Divorce Mediation

Divorce

Divorce and Separation:

One out of every two marriages end in divorce, and second marriages divorce at an even higher rate. Also, the divorce rates for women over 50 are steadily increasing.

Divorce is not an easy decision. Usually one party was considering the divorce before it was addressed. This party (the initiator) is usually more emotionally prepared for the divorce. The non-initiator is usually more emotionally vulnerable. Both parties are dealing with the loss, sadness and the uncertainty of the future.

Divorce is a difficult transition for all family members. It is difficult for the parents to tend to their own needs and address their children’s needs. This time can be overwhelming. It can be difficult to go from being part of a couple to being single again and single parenting can be overwhelming. Learn how to address the best interests of your children while tending to your own needs. While addressing what went wrong in this relationship you will be preparing for an opportunity to have a healthier relationship in the future.

New Jersey Divorce:

There are several ways to divorce in New Jersey. There is the traditional  way of litigating which often leaves the parents as adversaries which is not in the best interest of their children and all parties feel like they have “lost”. Each party obtains their own attorney. I can help through this period to address how your children are being affected and to help reduce your trauma.

       Divorce Mediation and Collaboration are other ways to Divorce in NJ.

I am an accredited Divorce Mediator. In mediation the three of us meet to negotiate settlement in the following areas:

  • Alimony
  • Property distribution
  • Custody and time sharing 
  • Child support

These issues remain the same regardless of the way you choose to divorce.

Once settled, I will draw up a Memorandum of Understanding (MOU). This MOU is then brought to your individual review attorney and one of the attorneys will draw up your Property Settlement Agreement. Mediation can help guide you to make choices that will benefit your family.

Collaborative Divorce is an additional alternative. In collaboration, each spouse has their own attorney, and will have more control of the negotiations. The spouses and attorneys meet in four way meetings to negotiate settlement. Collaboration minimizes the conflict that is prevalent in so many traditional divorces. Instead of conflict, the collaboratively trained interdisciplinary team uses cooperation and communication to achieve a mutually satisfactory agreement. As part of the interdisciplinary team, there is a Divorce Coach and a child specialist and a financial person on the team. The coach and child specialist are mental health providers and help create parenting plans and/or support the children through the divorce. I am a member of the collaboration team as a coach and child specialist. For additional information, please see the IACP website or contact me. 

Children of Divorce:

  • For the children whose parents are going through a divorce this can be stressful, embarrassing, sad and create anger. Children’s reactions differ based on their development age and their gender.

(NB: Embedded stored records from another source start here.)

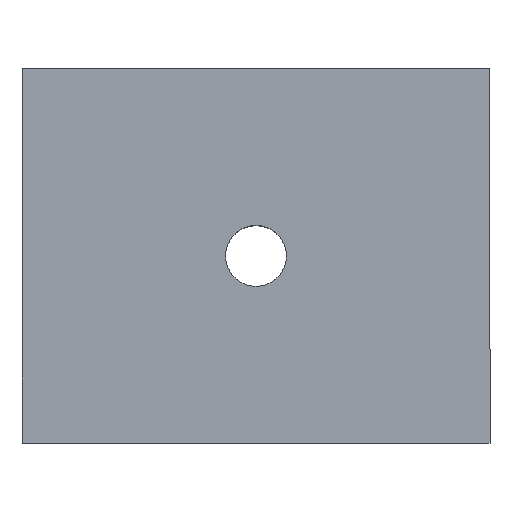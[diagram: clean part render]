
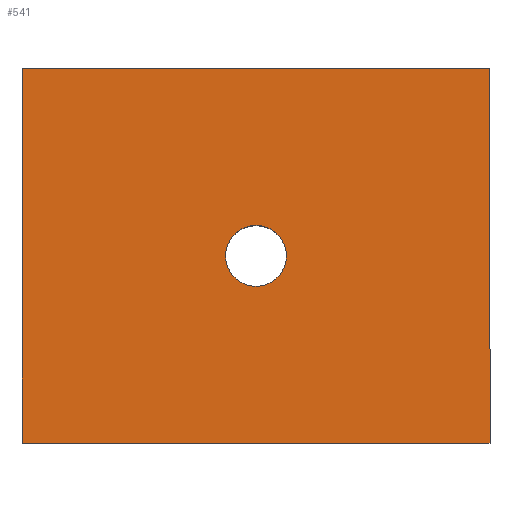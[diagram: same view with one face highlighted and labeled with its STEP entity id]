
A CAD part, top view. The second image highlights one B-rep face of the part: STEP entity #541.
In plain terms, the highlighted planar face has unit normal (0, 0, 1).
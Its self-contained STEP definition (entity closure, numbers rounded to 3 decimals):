
#84=CARTESIAN_POINT('',(3.25,0.,16.0));
#85=VERTEX_POINT('',#84);
#86=CARTESIAN_POINT('',(0.0,0.0,16.0));
#87=DIRECTION('',(0.0,0.0,-1.0));
#88=DIRECTION('',(-1.0,0.0,0.0));
#89=AXIS2_PLACEMENT_3D('',#86,#87,#88);
#90=CIRCLE('',#89,3.25);
#91=EDGE_CURVE('',#85,#85,#90,.T.);
#416=CARTESIAN_POINT('',(-25.,-20.,16.0));
#417=VERTEX_POINT('',#416);
#418=CARTESIAN_POINT('',(-25.,20.,16.0));
#419=VERTEX_POINT('',#418);
#420=CARTESIAN_POINT('',(-25.,-20.,16.0));
#421=DIRECTION('',(0.0,1.0,0.0));
#422=VECTOR('',#421,40.);
#423=LINE('',#420,#422);
#424=EDGE_CURVE('',#417,#419,#423,.T.);
#457=CARTESIAN_POINT('',(25.,20.,16.0));
#458=VERTEX_POINT('',#457);
#459=CARTESIAN_POINT('',(-25.,20.,16.0));
#460=DIRECTION('',(1.0,0.0,0.0));
#461=VECTOR('',#460,50.0);
#462=LINE('',#459,#461);
#463=EDGE_CURVE('',#419,#458,#462,.T.);
#481=CARTESIAN_POINT('',(25.,-20.,16.0));
#482=VERTEX_POINT('',#481);
#483=CARTESIAN_POINT('',(25.,20.,16.0));
#484=DIRECTION('',(0.0,-1.0,0.0));
#485=VECTOR('',#484,40.);
#486=LINE('',#483,#485);
#487=EDGE_CURVE('',#458,#482,#486,.T.);
#515=CARTESIAN_POINT('',(25.,-20.,16.0));
#516=DIRECTION('',(-1.0,0.0,0.0));
#517=VECTOR('',#516,50.0);
#518=LINE('',#515,#517);
#519=EDGE_CURVE('',#482,#417,#518,.T.);
#527=CARTESIAN_POINT('',(0.,0.,16.0));
#528=DIRECTION('',(0.0,0.0,1.0));
#529=DIRECTION('',(1.0,0.0,0.0));
#530=AXIS2_PLACEMENT_3D('',#527,#528,#529);
#531=PLANE('',#530);
#532=ORIENTED_EDGE('',*,*,#424,.F.);
#533=ORIENTED_EDGE('',*,*,#519,.F.);
#534=ORIENTED_EDGE('',*,*,#487,.F.);
#535=ORIENTED_EDGE('',*,*,#463,.F.);
#536=EDGE_LOOP('',(#532,#533,#534,#535));
#537=FACE_OUTER_BOUND('',#536,.T.);
#538=ORIENTED_EDGE('',*,*,#91,.T.);
#539=EDGE_LOOP('',(#538));
#540=FACE_BOUND('',#539,.T.);
#541=ADVANCED_FACE('',(#537,#540),#531,.T.);
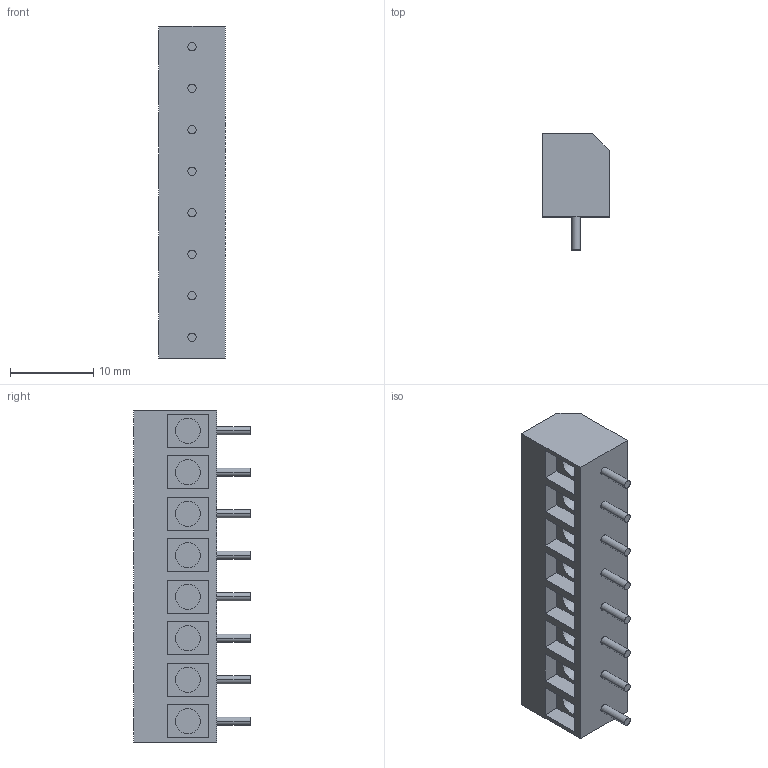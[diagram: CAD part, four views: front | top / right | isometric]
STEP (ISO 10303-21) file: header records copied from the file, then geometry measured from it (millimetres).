
FILE_DESCRIPTION (( 'STEP AP214' ), '1' );
FILE_NAME ('Bornera de 8 pines blue.STEP', '2019-10-09T00:00:13', ( '' ), ( '' ), 'SwSTEP 2.0', 'SolidWorks 2016', '' );
FILE_SCHEMA (( 'AUTOMOTIVE_DESIGN' ));
Length unit declared in the file: millimetre
Products named in the file (1): Bornera de 8 pines blue
Bounding box: 8 x 14 x 40 mm (x, y, z)
Volume: 2500.7 mm3; surface area: 2406.8 mm2
Topology: 1 solids, 1 shells, 159 faces, 351 edges, 234 vertices
Faces by surface type: plane 111, cylinder 48
Entity records: 6164 total; most frequent: DIRECTION 767, CARTESIAN_POINT 745, ORIENTED_EDGE 702, EDGE_CURVE 351, AXIS2_PLACEMENT_3D 256, VECTOR 255, LINE 255, VERTEX_POINT 234
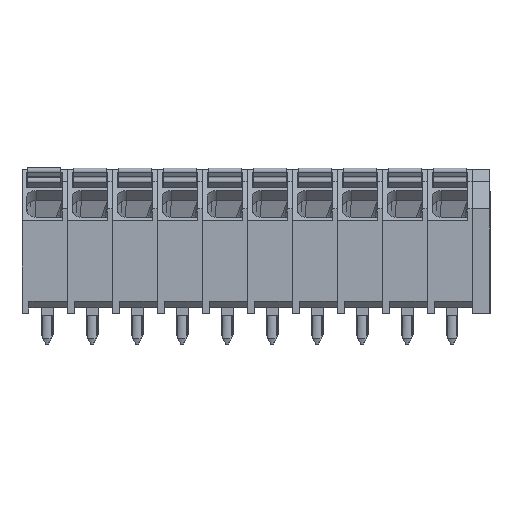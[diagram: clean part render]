
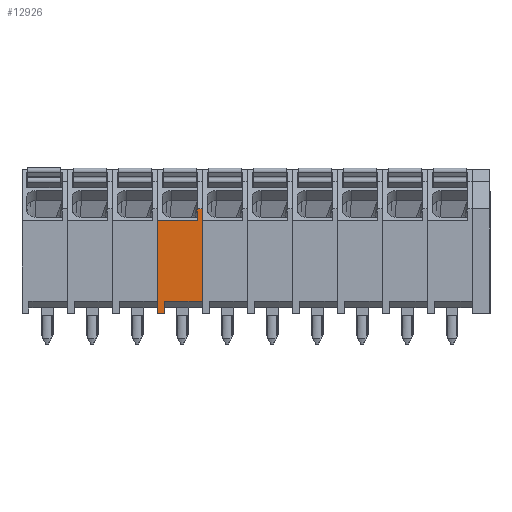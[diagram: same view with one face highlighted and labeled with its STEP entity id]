
A CAD part, front view. The second image highlights one B-rep face of the part: STEP entity #12926.
In plain terms, the highlighted planar face has unit normal (0, -1, 0).
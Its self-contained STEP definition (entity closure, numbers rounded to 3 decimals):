
#960=ORIENTED_EDGE('',*,*,#4766,.T.);
#961=ORIENTED_EDGE('',*,*,#4767,.T.);
#962=ORIENTED_EDGE('',*,*,#4576,.F.);
#963=ORIENTED_EDGE('',*,*,#4768,.T.);
#964=ORIENTED_EDGE('',*,*,#4769,.T.);
#965=ORIENTED_EDGE('',*,*,#4629,.T.);
#966=ORIENTED_EDGE('',*,*,#4658,.T.);
#967=ORIENTED_EDGE('',*,*,#4770,.F.);
#4576=EDGE_CURVE('',#6484,#6485,#7756,.T.);
#4629=EDGE_CURVE('',#6529,#6528,#7800,.T.);
#4658=EDGE_CURVE('',#6528,#6554,#7823,.T.);
#4766=EDGE_CURVE('',#6660,#6661,#7911,.T.);
#4767=EDGE_CURVE('',#6661,#6485,#7912,.T.);
#4768=EDGE_CURVE('',#6484,#6662,#7913,.T.);
#4769=EDGE_CURVE('',#6662,#6529,#7914,.T.);
#4770=EDGE_CURVE('',#6660,#6554,#7915,.T.);
#6484=VERTEX_POINT('',#18681);
#6485=VERTEX_POINT('',#18683);
#6528=VERTEX_POINT('',#18783);
#6529=VERTEX_POINT('',#18785);
#6554=VERTEX_POINT('',#18848);
#6660=VERTEX_POINT('',#19075);
#6661=VERTEX_POINT('',#19076);
#6662=VERTEX_POINT('',#19079);
#7756=LINE('',#18682,#9287);
#7800=LINE('',#18784,#9331);
#7823=LINE('',#18849,#9354);
#7911=LINE('',#19074,#9442);
#7912=LINE('',#19077,#9443);
#7913=LINE('',#19078,#9444);
#7914=LINE('',#19080,#9445);
#7915=LINE('',#19081,#9446);
#9287=VECTOR('',#14904,1000.);
#9331=VECTOR('',#14976,1000.);
#9354=VECTOR('',#15015,1000.);
#9442=VECTOR('',#15167,1000.);
#9443=VECTOR('',#15168,1000.);
#9444=VECTOR('',#15169,1000.);
#9445=VECTOR('',#15170,1000.);
#9446=VECTOR('',#15171,1000.);
#10796=EDGE_LOOP('',(#960,#961,#962,#963,#964,#965,#966,#967));
#11598=FACE_BOUND('',#10796,.T.);
#12385=PLANE('',#13772);
#12926=ADVANCED_FACE('',(#11598),#12385,.F.);
#13772=AXIS2_PLACEMENT_3D('',#19073,#15165,#15166);
#14904=DIRECTION('',(0.,0.,-1.));
#14976=DIRECTION('',(-1.,0.,0.));
#15015=DIRECTION('',(0.,0.,-1.));
#15165=DIRECTION('',(0.,1.,0.));
#15166=DIRECTION('',(0.,0.,1.));
#15167=DIRECTION('',(0.,0.,1.));
#15168=DIRECTION('',(1.,0.,0.));
#15169=DIRECTION('',(-1.,0.,0.));
#15170=DIRECTION('',(0.,0.,-1.));
#15171=DIRECTION('',(-1.,0.,0.));
#18681=CARTESIAN_POINT('',(1.905,-6.,4.85));
#18682=CARTESIAN_POINT('',(1.905,-6.,4.85));
#18683=CARTESIAN_POINT('',(1.905,-6.,-2.99));
#18783=CARTESIAN_POINT('',(-1.905,-6.,3.86));
#18784=CARTESIAN_POINT('',(1.495,-6.,3.86));
#18785=CARTESIAN_POINT('',(1.495,-6.,3.86));
#18848=CARTESIAN_POINT('',(-1.905,-6.,-4.));
#18849=CARTESIAN_POINT('',(-1.905,-6.,4.85));
#19073=CARTESIAN_POINT('',(1.905,-6.,4.85));
#19074=CARTESIAN_POINT('',(-1.305,-6.,-4.));
#19075=CARTESIAN_POINT('',(-1.305,-6.,-4.));
#19076=CARTESIAN_POINT('',(-1.305,-6.,-2.99));
#19077=CARTESIAN_POINT('',(1.905,-6.,-2.99));
#19078=CARTESIAN_POINT('',(1.905,-6.,4.85));
#19079=CARTESIAN_POINT('',(1.495,-6.,4.85));
#19080=CARTESIAN_POINT('',(1.495,-6.,3.86));
#19081=CARTESIAN_POINT('',(1.905,-6.,-4.));

    Children have a list of wants:
    * Please stop fighting
    * I want to love both of you
    * Please don’t put me in the middle and communicate directly with the other parent

    And children want to tell their children:
    * Please know that I can and will survive this divorce, if you, my parents allow me to.

When working with these children, it is helpful for them to hear stories of other children and for them to realize that they are not alone. There are workbooks that I will use with your child to help address the issues of going through the family divorce. I also work with the parents to help address appropriate co-parenting. Children can and will survive a divorce as long as you, the parents allow them to.